What is expected: Give every entry below again, exactly as written, and skip the images.

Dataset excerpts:
"""

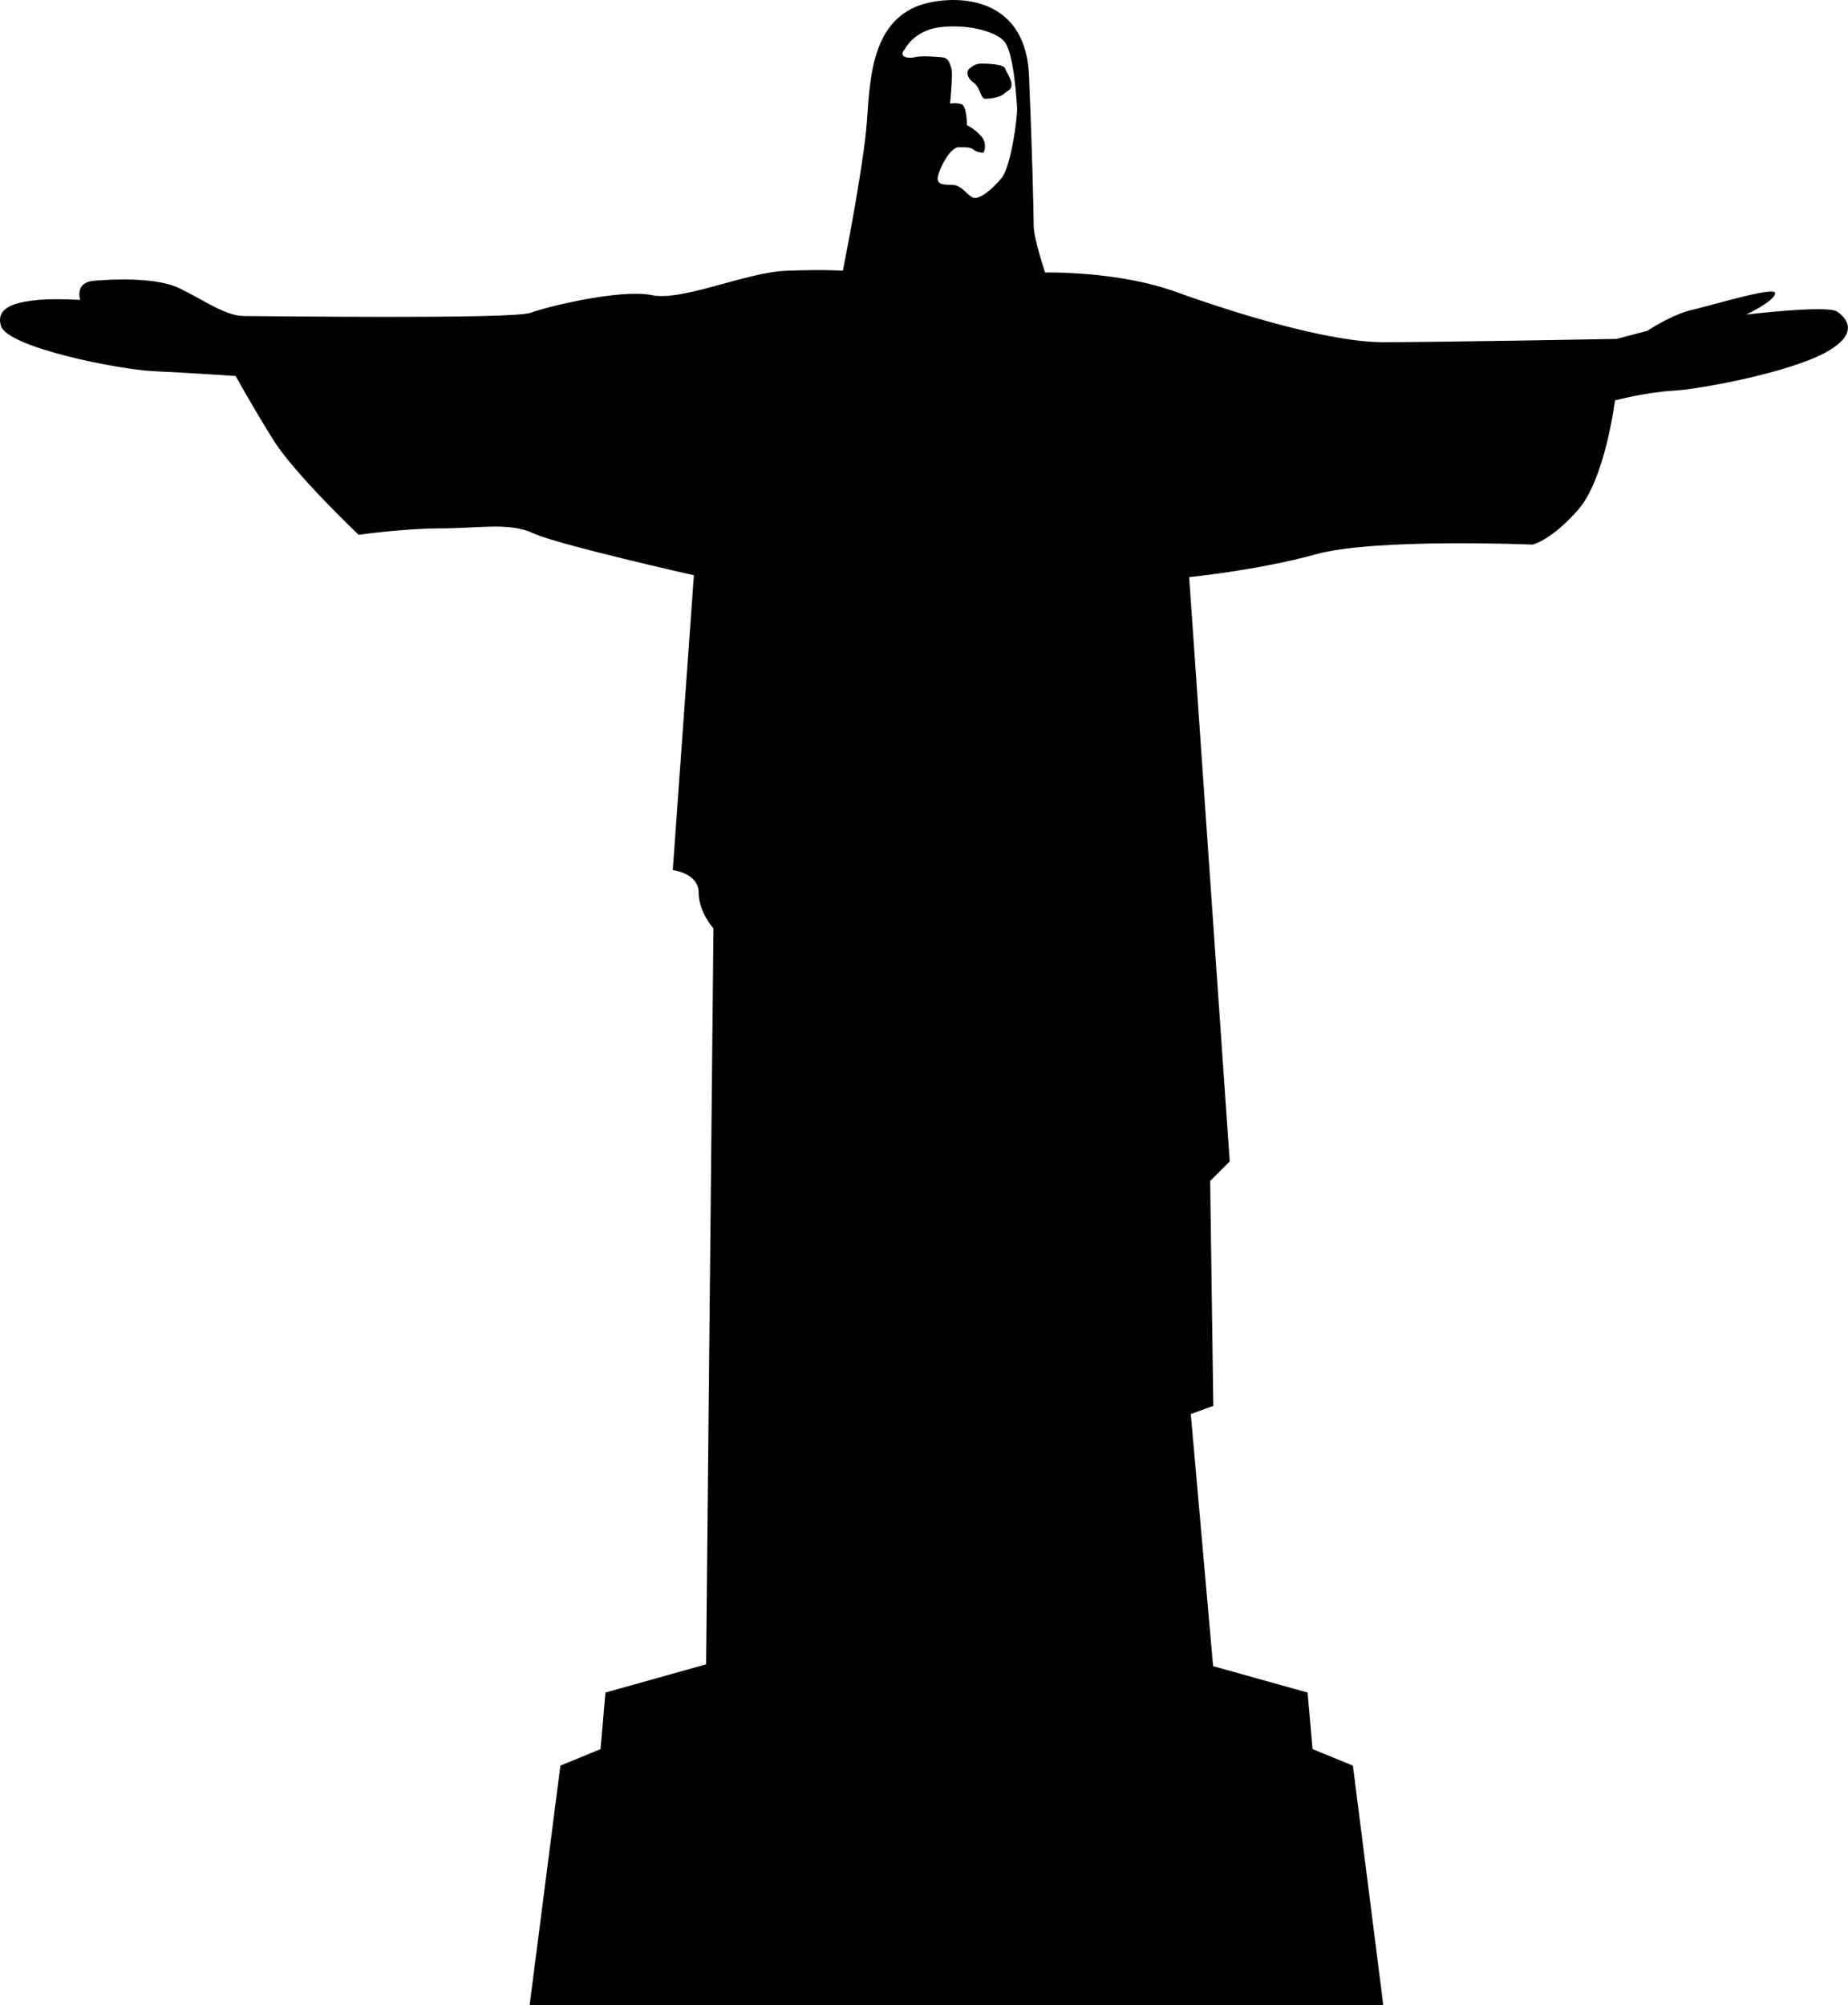<?xml version="1.0" encoding="utf-8"?>
<!-- Generator: Adobe Illustrator 16.0.4, SVG Export Plug-In . SVG Version: 6.00 Build 0)  -->
<!DOCTYPE svg PUBLIC "-//W3C//DTD SVG 1.1//EN" "http://www.w3.org/Graphics/SVG/1.1/DTD/svg11.dtd">
<svg version="1.1" id="Capa_1" xmlns="http://www.w3.org/2000/svg" xmlns:xlink="http://www.w3.org/1999/xlink" x="0px" y="0px"
	 width="18.137px" height="19.675px" viewBox="0 0 18.137 19.675" enable-background="new 0 0 18.137 19.675" xml:space="preserve">
<path d="M9.565,0.819C9.616,0.86,9.628,0.964,9.662,0.968C9.7,0.973,9.812,0.958,9.854,0.92c0.043-0.038,0.074-0.038,0.074-0.089
	c0-0.053-0.048-0.116-0.063-0.16C9.851,0.63,9.691,0.624,9.628,0.624c-0.062,0-0.105,0.043-0.105,0.043
	C9.49,0.684,9.469,0.751,9.565,0.819z M18.029,3.057c-0.098-0.065-0.892,0.03-0.892,0.03s0.271-0.126,0.285-0.207
	c0.016-0.079-0.604,0.112-0.812,0.16c-0.206,0.047-0.442,0.206-0.442,0.206l-0.303,0.08c0,0-1.748,0.032-2.289,0.032
	c-0.539,0-1.462-0.287-2.033-0.493c-0.571-0.208-1.286-0.191-1.286-0.191s-0.112-0.333-0.112-0.459c0-0.127-0.016-0.764-0.046-1.479
	C10.066,0.021,9.494-0.048,9.14,0.021c-0.577,0.112-0.6,0.714-0.631,1.16c-0.03,0.444-0.237,1.476-0.237,1.476s-0.161-0.015-0.557,0
	c-0.399,0.016-1.02,0.303-1.32,0.239c-0.301-0.062-1.018,0.11-1.19,0.174c-0.176,0.064-2.64,0.031-2.812,0.031
	c-0.178,0-0.398-0.158-0.621-0.267C1.55,2.721,1.137,2.738,0.931,2.754C0.724,2.769,0.788,2.943,0.788,2.943s-0.254-0.015-0.415,0
	C0.216,2.96-0.055,2.992,0.01,3.199c0.062,0.208,1.145,0.428,1.508,0.444C1.884,3.66,2.313,3.69,2.313,3.69S2.47,3.976,2.678,4.31
	C2.882,4.643,3.52,5.248,3.52,5.248s0.443-0.063,0.81-0.063c0.367,0,0.668-0.063,0.906,0.049C5.473,5.344,6.81,5.645,6.81,5.645
	L6.603,8.538c0,0,0.254,0.03,0.254,0.222c0,0.19,0.145,0.35,0.145,0.35l-0.072,7.222l-0.988,0.277l-0.048,0.555L5.5,17.326
	l-0.302,2.35h8.378l-0.298-2.35l-0.396-0.162l-0.049-0.555l-0.927-0.259l-0.219-2.474l0.221-0.08l-0.031-2.207l0.192-0.192
	l-0.398-5.734c0,0,0.667-0.065,1.24-0.223c0.571-0.161,2.128-0.096,2.128-0.096s0.174-0.032,0.444-0.335
	c0.271-0.302,0.367-1.08,0.367-1.08s0.3-0.079,0.57-0.095c0.27-0.015,1.111-0.174,1.478-0.365
	C18.265,3.277,18.122,3.119,18.029,3.057z M8.881,0.481c0,0,0.09-0.183,0.344-0.214c0.254-0.032,0.532,0.034,0.627,0.134
	c0.097,0.102,0.124,0.566,0.13,0.656c0.005,0.09-0.058,0.573-0.152,0.69c-0.097,0.117-0.227,0.222-0.286,0.19
	S9.436,1.821,9.357,1.815C9.276,1.811,9.189,1.821,9.204,1.736c0.016-0.085,0.12-0.291,0.206-0.291c0.084,0,0.117,0,0.148,0.026
	C9.59,1.498,9.653,1.498,9.653,1.498S9.695,1.415,9.633,1.34C9.567,1.264,9.49,1.228,9.49,1.228s0-0.19-0.055-0.206
	C9.383,1.005,9.324,1.017,9.324,1.017S9.357,0.71,9.335,0.662c-0.02-0.049-0.02-0.095-0.101-0.101c-0.08-0.006-0.186-0.015-0.254,0
	C8.911,0.577,8.811,0.561,8.881,0.481z"/>
</svg>

"""

Task response:
<?xml version="1.0" encoding="utf-8"?>
<!-- Generator: Adobe Illustrator 16.0.4, SVG Export Plug-In . SVG Version: 6.00 Build 0)  -->
<!DOCTYPE svg PUBLIC "-//W3C//DTD SVG 1.1//EN" "http://www.w3.org/Graphics/SVG/1.1/DTD/svg11.dtd">
<svg version="1.1" id="Capa_1" xmlns="http://www.w3.org/2000/svg" xmlns:xlink="http://www.w3.org/1999/xlink" x="0px" y="0px"
	 width="18.137px" height="19.675px" viewBox="0 0 18.137 19.675" enable-background="new 0 0 18.137 19.675" xml:space="preserve">
<path d="M9.565,0.819C9.616,0.86,9.628,0.964,9.662,0.968C9.7,0.973,9.812,0.958,9.854,0.92c0.043-0.038,0.074-0.038,0.074-0.089
	c0-0.053-0.048-0.116-0.063-0.16C9.851,0.63,9.691,0.624,9.628,0.624c-0.062,0-0.105,0.043-0.105,0.043
	C9.49,0.684,9.469,0.751,9.565,0.819z M18.029,3.057c-0.098-0.065-0.892,0.03-0.892,0.03s0.271-0.126,0.285-0.207
	c0.016-0.079-0.604,0.112-0.812,0.16c-0.206,0.047-0.442,0.206-0.442,0.206l-0.303,0.08c0,0-1.748,0.032-2.289,0.032
	c-0.539,0-1.462-0.287-2.033-0.493c-0.571-0.208-1.286-0.191-1.286-0.191s-0.112-0.333-0.112-0.459c0-0.127-0.016-0.764-0.046-1.479
	C10.066,0.021,9.494-0.048,9.14,0.021c-0.577,0.112-0.6,0.714-0.631,1.16c-0.03,0.444-0.237,1.476-0.237,1.476s-0.161-0.015-0.557,0
	c-0.399,0.016-1.02,0.303-1.32,0.239c-0.301-0.062-1.018,0.11-1.19,0.174c-0.176,0.064-2.64,0.031-2.812,0.031
	c-0.178,0-0.398-0.158-0.621-0.267C1.55,2.721,1.137,2.738,0.931,2.754C0.724,2.769,0.788,2.943,0.788,2.943s-0.254-0.015-0.415,0
	C0.216,2.96-0.055,2.992,0.01,3.199c0.062,0.208,1.145,0.428,1.508,0.444C1.884,3.66,2.313,3.69,2.313,3.69S2.47,3.976,2.678,4.31
	C2.882,4.643,3.52,5.248,3.52,5.248s0.443-0.063,0.81-0.063c0.367,0,0.668-0.063,0.906,0.049C5.473,5.344,6.81,5.645,6.81,5.645
	L6.603,8.538c0,0,0.254,0.03,0.254,0.222c0,0.19,0.145,0.35,0.145,0.35l-0.072,7.222l-0.988,0.277l-0.048,0.555L5.5,17.326
	l-0.302,2.35h8.378l-0.298-2.35l-0.396-0.162l-0.049-0.555l-0.927-0.259l-0.219-2.474l0.221-0.08l-0.031-2.207l0.192-0.192
	l-0.398-5.734c0,0,0.667-0.065,1.24-0.223c0.571-0.161,2.128-0.096,2.128-0.096s0.174-0.032,0.444-0.335
	c0.271-0.302,0.367-1.08,0.367-1.08s0.3-0.079,0.57-0.095c0.27-0.015,1.111-0.174,1.478-0.365
	C18.265,3.277,18.122,3.119,18.029,3.057z M8.881,0.481c0,0,0.09-0.183,0.344-0.214c0.254-0.032,0.532,0.034,0.627,0.134
	c0.097,0.102,0.124,0.566,0.13,0.656c0.005,0.09-0.058,0.573-0.152,0.69c-0.097,0.117-0.227,0.222-0.286,0.19
	S9.436,1.821,9.357,1.815C9.276,1.811,9.189,1.821,9.204,1.736c0.016-0.085,0.12-0.291,0.206-0.291c0.084,0,0.117,0,0.148,0.026
	C9.59,1.498,9.653,1.498,9.653,1.498S9.695,1.415,9.633,1.34C9.567,1.264,9.49,1.228,9.49,1.228s0-0.19-0.055-0.206
	C9.383,1.005,9.324,1.017,9.324,1.017S9.357,0.71,9.335,0.662c-0.02-0.049-0.02-0.095-0.101-0.101c-0.08-0.006-0.186-0.015-0.254,0
	C8.911,0.577,8.811,0.561,8.881,0.481z"/>
</svg>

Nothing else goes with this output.